#### [Your goal]
Wherever the word "rect" occurs in the listing, copy the whole line.

#### [Exercise inputs]

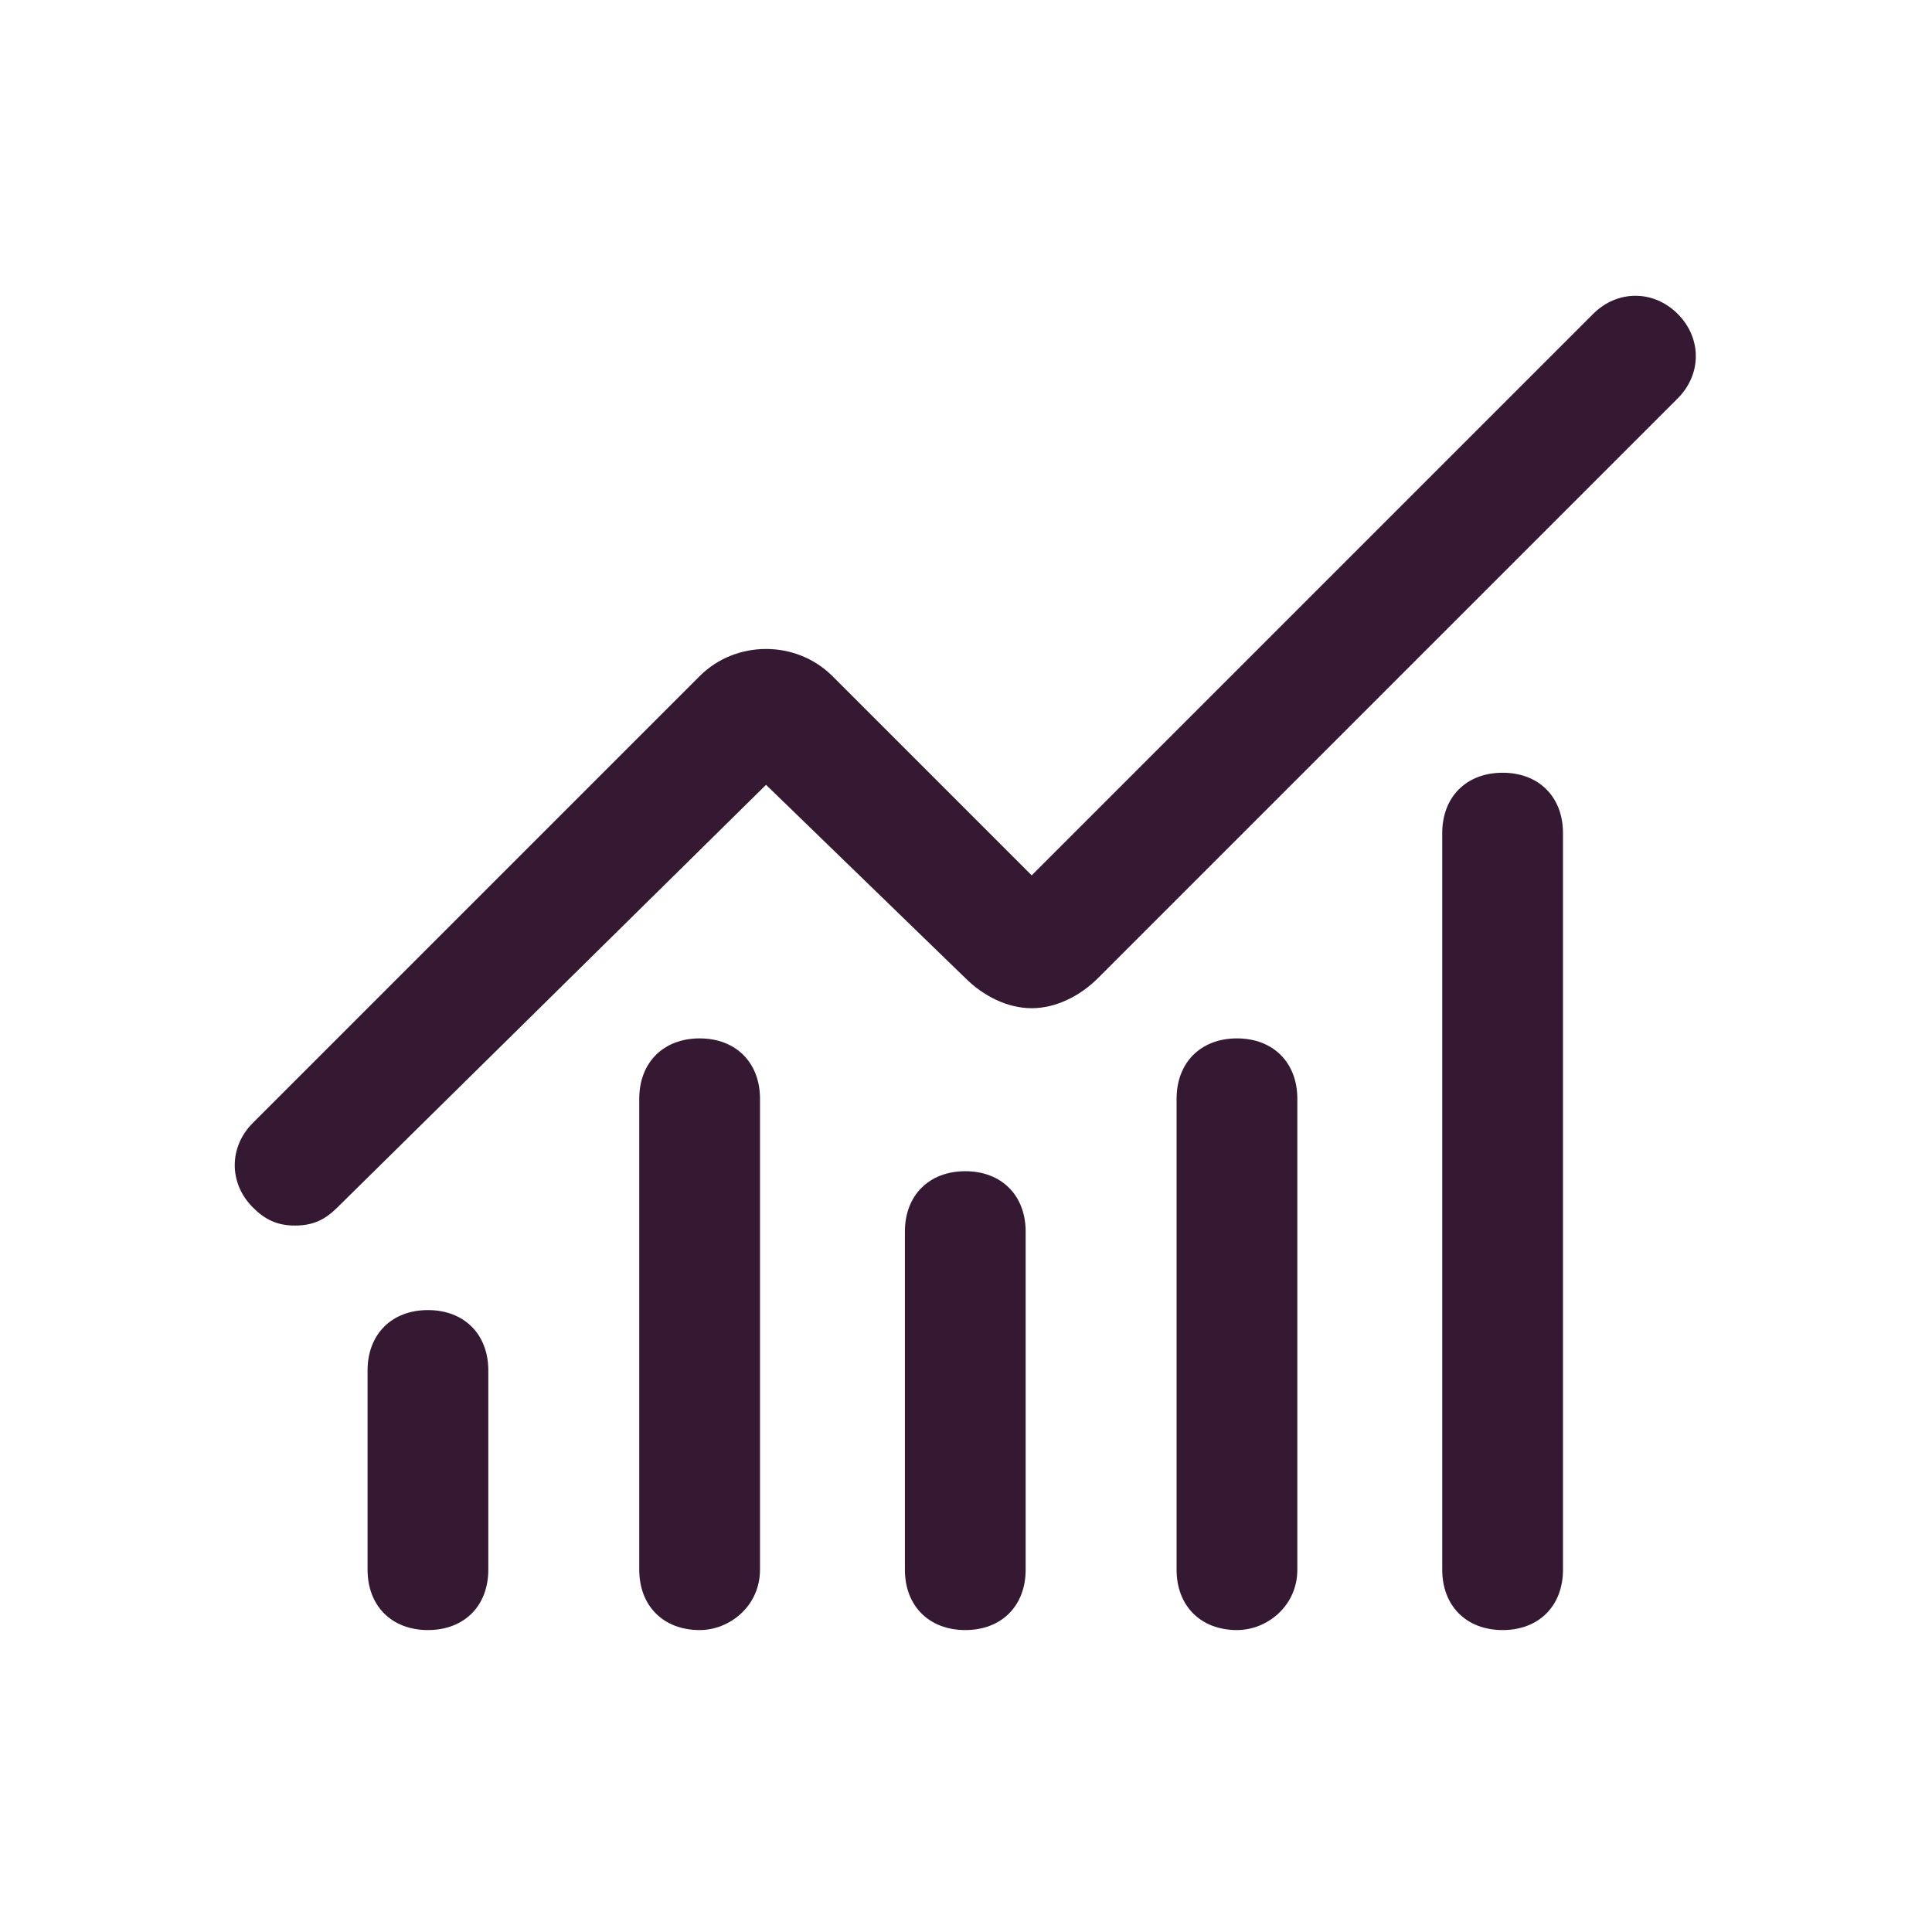 <?xml version="1.0" encoding="utf-8"?>
<!-- Generator: Adobe Illustrator 27.0.0, SVG Export Plug-In . SVG Version: 6.00 Build 0)  -->
<svg version="1.1" id="Layer_1" xmlns="http://www.w3.org/2000/svg" xmlns:xlink="http://www.w3.org/1999/xlink" x="0px" y="0px"
	 viewBox="0 0 32 32" style="enable-background:new 0 0 32 32;" xml:space="preserve">
<style type="text/css">
	.st0{fill:none;}
	.st1{fill:#351933;}
</style>
<rect class="st0" width="32" height="32"/>
<g id="Mask_Group_352" transform="translate(-80 -1382)">
	<g id="Group_1047" transform="translate(82.888 1384.999)">
		<g id="Path_2737">
			<path class="st1" d="M13.1,24c-0.6,0-1-0.4-1-1v-5.6c0-0.6,0.4-1,1-1s1,0.4,1,1V23C14.1,23.6,13.7,24,13.1,24z"/>
		</g>
		<g id="Path_2738">
			<path class="st1" d="M17.6,24c-0.6,0-1-0.4-1-1v-7.8c0-0.6,0.4-1,1-1s1,0.4,1,1V23C18.6,23.6,18.1,24,17.6,24z"/>
		</g>
		<g id="Path_2739">
			<path class="st1" d="M22,24c-0.6,0-1-0.4-1-1V10.8c0-0.6,0.4-1,1-1s1,0.4,1,1V23C23,23.6,22.6,24,22,24z"/>
		</g>
		<g id="Path_2740">
			<path class="st1" d="M2,17.3c-0.3,0-0.5-0.1-0.7-0.3c-0.4-0.4-0.4-1,0-1.4l7.4-7.4c0.6-0.6,1.6-0.6,2.2,0l3.3,3.3l9.3-9.3
				c0.4-0.4,1-0.4,1.4,0s0.4,1,0,1.4l-9.6,9.6c-0.3,0.3-0.7,0.5-1.1,0.5c0,0,0,0,0,0c-0.4,0-0.8-0.2-1.1-0.5L9.8,10L2.7,17
				C2.5,17.2,2.3,17.3,2,17.3z"/>
		</g>
		<g id="Path_2741">
			<path class="st1" d="M4.2,24c-0.6,0-1-0.4-1-1v-3.3c0-0.6,0.4-1,1-1s1,0.4,1,1V23C5.2,23.6,4.8,24,4.2,24z"/>
		</g>
		<g id="Path_2742">
			<path class="st1" d="M8.7,24c-0.6,0-1-0.4-1-1v-7.8c0-0.6,0.4-1,1-1s1,0.4,1,1V23C9.7,23.6,9.2,24,8.7,24z"/>
		</g>
	</g>
</g>
</svg>
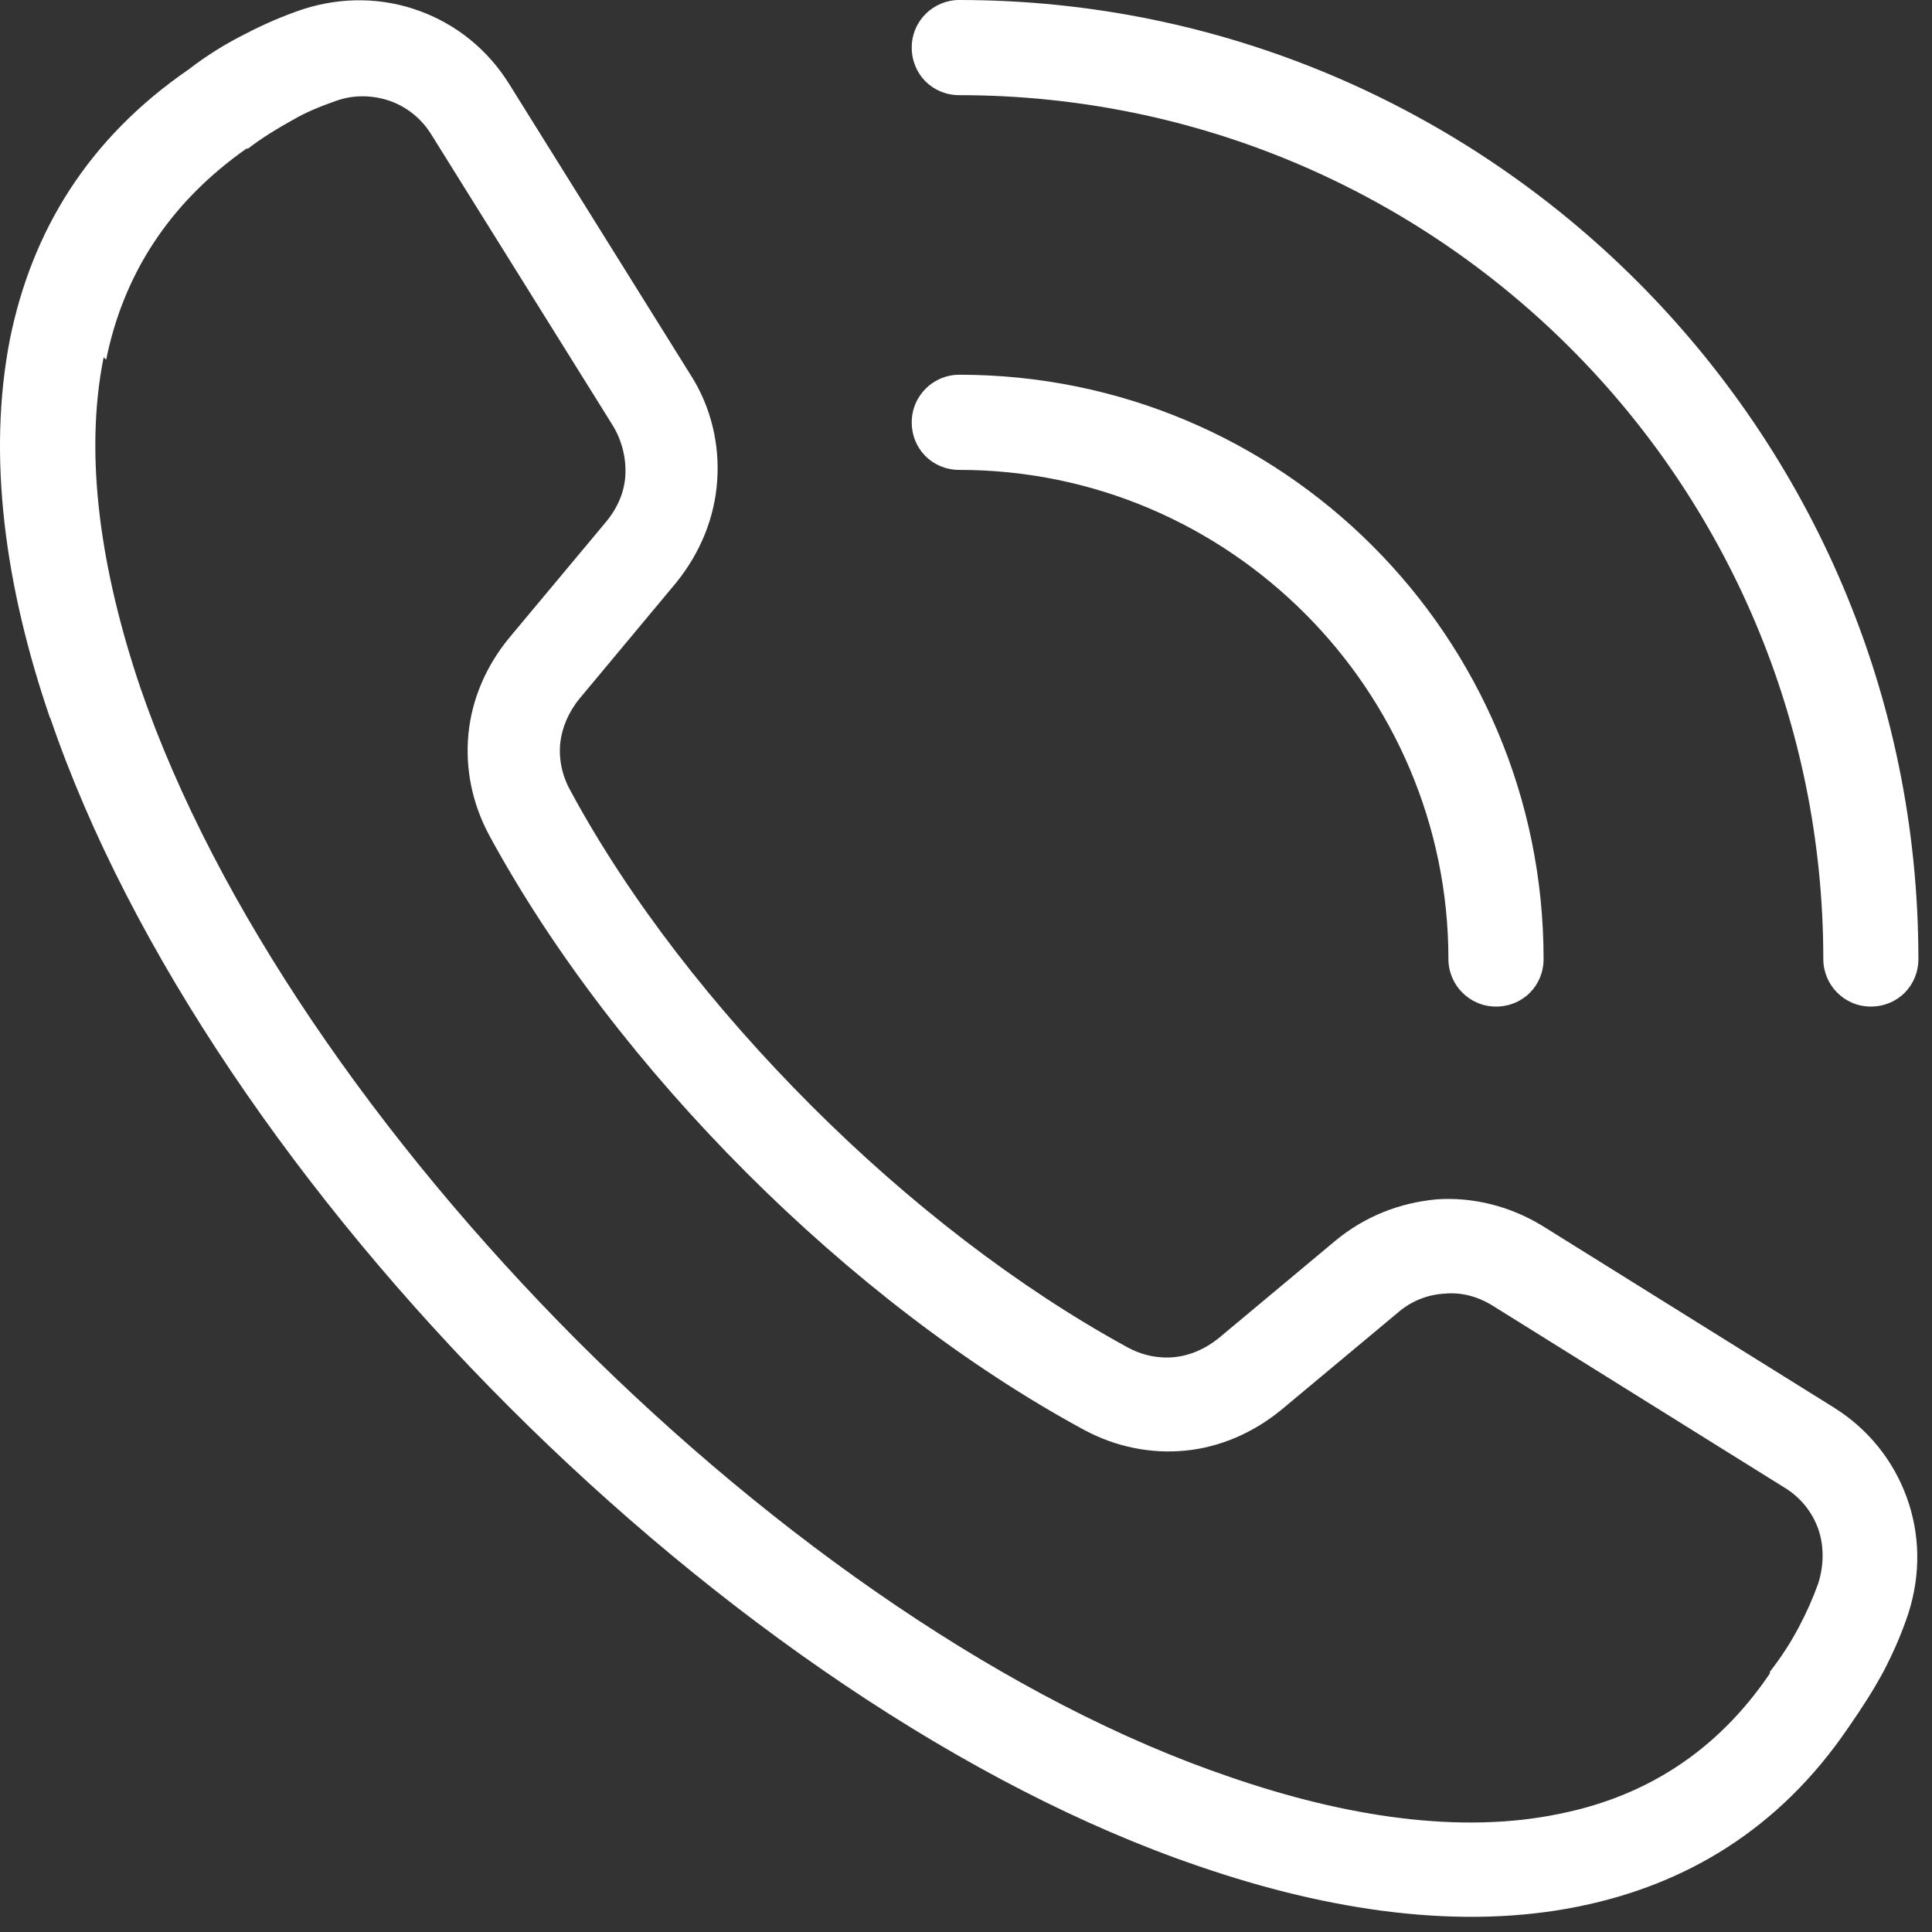 <svg width="23" height="23" viewBox="0 0 23 23" fill="none" xmlns="http://www.w3.org/2000/svg">
<rect x="0" y="0" width="23" height="23" fill="#333333" stroke="none"/>
<path fill-rule="evenodd" clip-rule="evenodd" d="M0.598 8.555C0.061 6.995 -0.157 5.425 0.121 4.024C0.38 2.762 1.035 1.659 2.248 0.825C2.466 0.656 2.695 0.517 2.914 0.407C3.142 0.288 3.371 0.189 3.609 0.109C4.076 -0.04 4.553 -0.03 4.991 0.129C5.428 0.288 5.805 0.586 6.064 1.004L8.22 4.461C8.469 4.849 8.568 5.296 8.538 5.723C8.508 6.16 8.339 6.578 8.051 6.935L6.899 8.317C6.769 8.475 6.69 8.664 6.67 8.843C6.65 9.032 6.69 9.231 6.789 9.409C7.485 10.701 8.499 12.003 9.661 13.165C10.824 14.328 12.126 15.331 13.418 16.037C13.596 16.136 13.795 16.176 13.984 16.156C14.173 16.136 14.352 16.057 14.511 15.928L15.892 14.775C16.25 14.477 16.667 14.318 17.104 14.278C17.532 14.248 17.979 14.358 18.366 14.596L21.825 16.752C22.242 17.011 22.54 17.388 22.699 17.825C22.858 18.262 22.868 18.739 22.719 19.206C22.64 19.445 22.54 19.674 22.421 19.902C22.302 20.121 22.163 20.339 22.003 20.568C21.179 21.78 20.066 22.436 18.804 22.694C17.402 22.982 15.832 22.754 14.272 22.217C11.5 21.273 8.548 19.236 6.064 16.752C3.579 14.268 1.542 11.317 0.598 8.545V8.555ZM11.42 5.594C13.03 5.594 14.481 6.25 15.534 7.303C16.588 8.356 17.243 9.817 17.243 11.417C17.243 11.725 17.492 11.983 17.81 11.983C18.128 11.983 18.376 11.735 18.376 11.417C18.376 9.499 17.601 7.76 16.339 6.498C15.077 5.236 13.338 4.461 11.42 4.461C11.112 4.461 10.854 4.71 10.854 5.028C10.854 5.346 11.102 5.594 11.42 5.594ZM11.42 1.133C14.262 1.133 16.836 2.285 18.694 4.143C20.553 6.001 21.706 8.575 21.706 11.417C21.706 11.725 21.954 11.983 22.272 11.983C22.59 11.983 22.838 11.735 22.838 11.417C22.838 8.267 21.556 5.415 19.489 3.348C17.422 1.282 14.57 0 11.42 0C11.112 0 10.854 0.248 10.854 0.566C10.854 0.884 11.102 1.133 11.42 1.133ZM1.234 4.253C0.996 5.435 1.204 6.806 1.671 8.187C2.566 10.791 4.504 13.583 6.869 15.957C9.244 18.332 12.036 20.27 14.64 21.154C16.021 21.631 17.393 21.84 18.575 21.591C19.559 21.392 20.424 20.876 21.07 19.922V19.902C21.209 19.723 21.318 19.554 21.417 19.366C21.507 19.197 21.586 19.018 21.646 18.849C21.715 18.63 21.715 18.402 21.646 18.203C21.576 18.004 21.437 17.825 21.238 17.706L17.78 15.55C17.591 15.431 17.393 15.381 17.194 15.401C16.995 15.411 16.796 15.49 16.637 15.63L15.256 16.782C14.918 17.06 14.521 17.229 14.113 17.269C13.706 17.309 13.288 17.229 12.901 17.02C11.509 16.265 10.118 15.192 8.886 13.96C7.654 12.728 6.58 11.337 5.825 9.946C5.617 9.559 5.537 9.141 5.577 8.734C5.617 8.326 5.785 7.929 6.064 7.591L7.217 6.21C7.356 6.041 7.435 5.852 7.445 5.654C7.455 5.455 7.405 5.246 7.296 5.067L5.14 1.61C5.02 1.411 4.841 1.272 4.643 1.202C4.444 1.133 4.215 1.123 3.997 1.202C3.828 1.262 3.649 1.331 3.48 1.431C3.301 1.53 3.122 1.639 2.953 1.769H2.934C1.989 2.434 1.463 3.299 1.264 4.282L1.234 4.253Z" fill="white"/>
</svg>

#### [The completed task]
<rect class="st0" width="32" height="32"/>
<rect x="0" y="0" width="23" height="23" fill="#333333" stroke="none"/>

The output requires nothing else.